From the data, copy out every line in which the word "Tracks" appears.
** Opening Records supplied block **
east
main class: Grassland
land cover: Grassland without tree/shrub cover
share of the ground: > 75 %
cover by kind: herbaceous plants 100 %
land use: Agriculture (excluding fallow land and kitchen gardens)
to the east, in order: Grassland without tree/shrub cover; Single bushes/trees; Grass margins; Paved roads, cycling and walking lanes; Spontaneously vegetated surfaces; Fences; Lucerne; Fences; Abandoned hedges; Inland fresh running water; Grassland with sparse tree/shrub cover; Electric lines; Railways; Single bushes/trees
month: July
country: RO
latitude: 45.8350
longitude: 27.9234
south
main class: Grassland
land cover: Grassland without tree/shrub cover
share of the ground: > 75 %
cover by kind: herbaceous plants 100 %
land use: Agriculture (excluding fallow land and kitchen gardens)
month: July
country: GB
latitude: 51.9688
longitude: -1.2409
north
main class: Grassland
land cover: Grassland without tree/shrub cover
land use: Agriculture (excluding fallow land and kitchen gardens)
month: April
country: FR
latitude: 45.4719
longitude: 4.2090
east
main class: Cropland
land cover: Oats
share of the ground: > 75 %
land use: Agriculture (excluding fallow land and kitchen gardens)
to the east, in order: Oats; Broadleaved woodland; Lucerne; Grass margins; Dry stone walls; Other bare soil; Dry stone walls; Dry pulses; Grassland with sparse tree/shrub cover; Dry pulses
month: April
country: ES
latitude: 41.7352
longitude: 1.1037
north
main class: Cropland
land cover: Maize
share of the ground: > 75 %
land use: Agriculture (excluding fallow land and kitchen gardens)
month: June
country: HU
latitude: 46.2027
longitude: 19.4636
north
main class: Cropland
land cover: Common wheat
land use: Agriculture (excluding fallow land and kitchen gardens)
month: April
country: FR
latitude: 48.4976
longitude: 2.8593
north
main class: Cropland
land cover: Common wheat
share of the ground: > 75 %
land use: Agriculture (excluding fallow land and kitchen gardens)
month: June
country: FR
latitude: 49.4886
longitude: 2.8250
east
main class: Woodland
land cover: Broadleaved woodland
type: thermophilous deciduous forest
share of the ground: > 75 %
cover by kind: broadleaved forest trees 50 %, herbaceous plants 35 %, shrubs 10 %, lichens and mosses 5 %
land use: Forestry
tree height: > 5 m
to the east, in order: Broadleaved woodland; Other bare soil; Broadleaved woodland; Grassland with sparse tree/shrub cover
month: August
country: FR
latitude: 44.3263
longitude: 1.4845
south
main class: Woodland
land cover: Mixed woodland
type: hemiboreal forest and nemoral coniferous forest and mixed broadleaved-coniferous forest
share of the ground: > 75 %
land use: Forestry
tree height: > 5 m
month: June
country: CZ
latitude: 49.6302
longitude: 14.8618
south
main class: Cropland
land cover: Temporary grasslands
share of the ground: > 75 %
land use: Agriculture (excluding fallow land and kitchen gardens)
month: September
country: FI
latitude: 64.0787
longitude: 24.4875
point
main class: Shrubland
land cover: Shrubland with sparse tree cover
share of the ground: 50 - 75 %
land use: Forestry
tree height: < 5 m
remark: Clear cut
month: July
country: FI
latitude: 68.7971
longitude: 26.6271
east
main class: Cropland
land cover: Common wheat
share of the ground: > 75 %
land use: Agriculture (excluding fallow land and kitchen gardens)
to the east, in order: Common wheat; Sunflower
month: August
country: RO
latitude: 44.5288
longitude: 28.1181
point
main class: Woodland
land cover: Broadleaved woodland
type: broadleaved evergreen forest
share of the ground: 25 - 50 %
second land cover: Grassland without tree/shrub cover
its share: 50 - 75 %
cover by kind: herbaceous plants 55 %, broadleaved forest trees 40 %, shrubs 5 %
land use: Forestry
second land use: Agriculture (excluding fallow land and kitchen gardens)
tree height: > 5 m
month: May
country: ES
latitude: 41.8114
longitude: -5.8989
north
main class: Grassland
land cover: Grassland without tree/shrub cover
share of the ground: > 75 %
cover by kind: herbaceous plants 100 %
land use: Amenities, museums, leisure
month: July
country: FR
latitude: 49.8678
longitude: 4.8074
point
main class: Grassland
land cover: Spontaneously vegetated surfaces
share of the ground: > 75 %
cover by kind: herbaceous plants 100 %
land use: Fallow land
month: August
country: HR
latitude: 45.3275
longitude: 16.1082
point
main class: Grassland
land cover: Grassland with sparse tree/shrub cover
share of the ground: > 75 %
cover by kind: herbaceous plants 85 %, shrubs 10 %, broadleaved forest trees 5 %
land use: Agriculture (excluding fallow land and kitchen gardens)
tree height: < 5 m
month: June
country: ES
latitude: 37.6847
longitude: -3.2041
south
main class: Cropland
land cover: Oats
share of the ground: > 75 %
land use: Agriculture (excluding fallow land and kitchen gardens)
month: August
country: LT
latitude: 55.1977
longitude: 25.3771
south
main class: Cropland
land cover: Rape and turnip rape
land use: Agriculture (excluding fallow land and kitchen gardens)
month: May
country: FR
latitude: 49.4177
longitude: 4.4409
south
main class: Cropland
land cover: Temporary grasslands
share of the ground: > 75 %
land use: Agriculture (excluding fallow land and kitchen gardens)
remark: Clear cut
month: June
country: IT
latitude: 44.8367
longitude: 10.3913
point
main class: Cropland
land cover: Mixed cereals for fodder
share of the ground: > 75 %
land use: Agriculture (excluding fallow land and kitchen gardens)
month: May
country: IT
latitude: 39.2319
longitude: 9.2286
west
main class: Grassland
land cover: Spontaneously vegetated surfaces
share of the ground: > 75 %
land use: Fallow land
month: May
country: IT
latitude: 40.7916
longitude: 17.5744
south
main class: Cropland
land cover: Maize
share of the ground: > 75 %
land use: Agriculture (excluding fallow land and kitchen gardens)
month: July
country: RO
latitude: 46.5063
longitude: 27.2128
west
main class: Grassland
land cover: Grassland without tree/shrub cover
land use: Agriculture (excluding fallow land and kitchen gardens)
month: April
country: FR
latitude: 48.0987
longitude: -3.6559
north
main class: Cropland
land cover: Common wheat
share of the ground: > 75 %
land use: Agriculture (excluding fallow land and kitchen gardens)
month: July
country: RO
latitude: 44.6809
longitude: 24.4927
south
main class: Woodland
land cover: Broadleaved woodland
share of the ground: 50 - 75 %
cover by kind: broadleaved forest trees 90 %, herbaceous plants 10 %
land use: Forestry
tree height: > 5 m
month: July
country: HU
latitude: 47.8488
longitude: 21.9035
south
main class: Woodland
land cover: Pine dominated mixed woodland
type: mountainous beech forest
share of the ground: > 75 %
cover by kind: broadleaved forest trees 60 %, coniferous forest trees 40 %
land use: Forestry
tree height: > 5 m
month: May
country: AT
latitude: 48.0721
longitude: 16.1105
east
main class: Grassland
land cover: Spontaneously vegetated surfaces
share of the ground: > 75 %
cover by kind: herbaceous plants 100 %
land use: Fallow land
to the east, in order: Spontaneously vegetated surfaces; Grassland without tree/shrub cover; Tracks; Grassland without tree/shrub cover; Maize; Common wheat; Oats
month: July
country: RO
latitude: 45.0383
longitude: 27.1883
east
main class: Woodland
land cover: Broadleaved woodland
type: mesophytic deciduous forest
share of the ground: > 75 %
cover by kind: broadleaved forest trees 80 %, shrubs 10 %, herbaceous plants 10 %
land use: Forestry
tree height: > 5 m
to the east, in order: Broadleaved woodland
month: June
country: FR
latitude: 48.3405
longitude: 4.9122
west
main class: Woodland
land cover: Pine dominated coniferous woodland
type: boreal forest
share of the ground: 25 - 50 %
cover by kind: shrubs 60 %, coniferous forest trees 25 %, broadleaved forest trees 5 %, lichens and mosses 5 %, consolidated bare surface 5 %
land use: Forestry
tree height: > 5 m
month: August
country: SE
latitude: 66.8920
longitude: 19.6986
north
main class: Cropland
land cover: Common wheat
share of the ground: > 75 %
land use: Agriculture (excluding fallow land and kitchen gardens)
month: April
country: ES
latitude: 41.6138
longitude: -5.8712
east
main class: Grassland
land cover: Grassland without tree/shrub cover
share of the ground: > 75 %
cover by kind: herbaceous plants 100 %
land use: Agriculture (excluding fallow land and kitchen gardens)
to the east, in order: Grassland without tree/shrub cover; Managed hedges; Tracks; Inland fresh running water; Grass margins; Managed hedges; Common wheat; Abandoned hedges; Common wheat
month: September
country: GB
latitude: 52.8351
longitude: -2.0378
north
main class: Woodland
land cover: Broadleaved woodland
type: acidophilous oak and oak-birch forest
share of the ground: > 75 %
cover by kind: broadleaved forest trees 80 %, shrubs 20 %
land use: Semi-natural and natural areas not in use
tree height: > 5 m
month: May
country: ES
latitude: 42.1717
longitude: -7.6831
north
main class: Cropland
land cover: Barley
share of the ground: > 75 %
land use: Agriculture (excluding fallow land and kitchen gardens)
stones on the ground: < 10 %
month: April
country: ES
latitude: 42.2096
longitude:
** Closing Records supplied block **
Your response:
to the east, in order: Spontaneously vegetated surfaces; Grassland without tree/shrub cover; Tracks; Grassland without tree/shrub cover; Maize; Common wheat; Oats
to the east, in order: Grassland without tree/shrub cover; Managed hedges; Tracks; Inland fresh running water; Grass margins; Managed hedges; Common wheat; Abandoned hedges; Common wheat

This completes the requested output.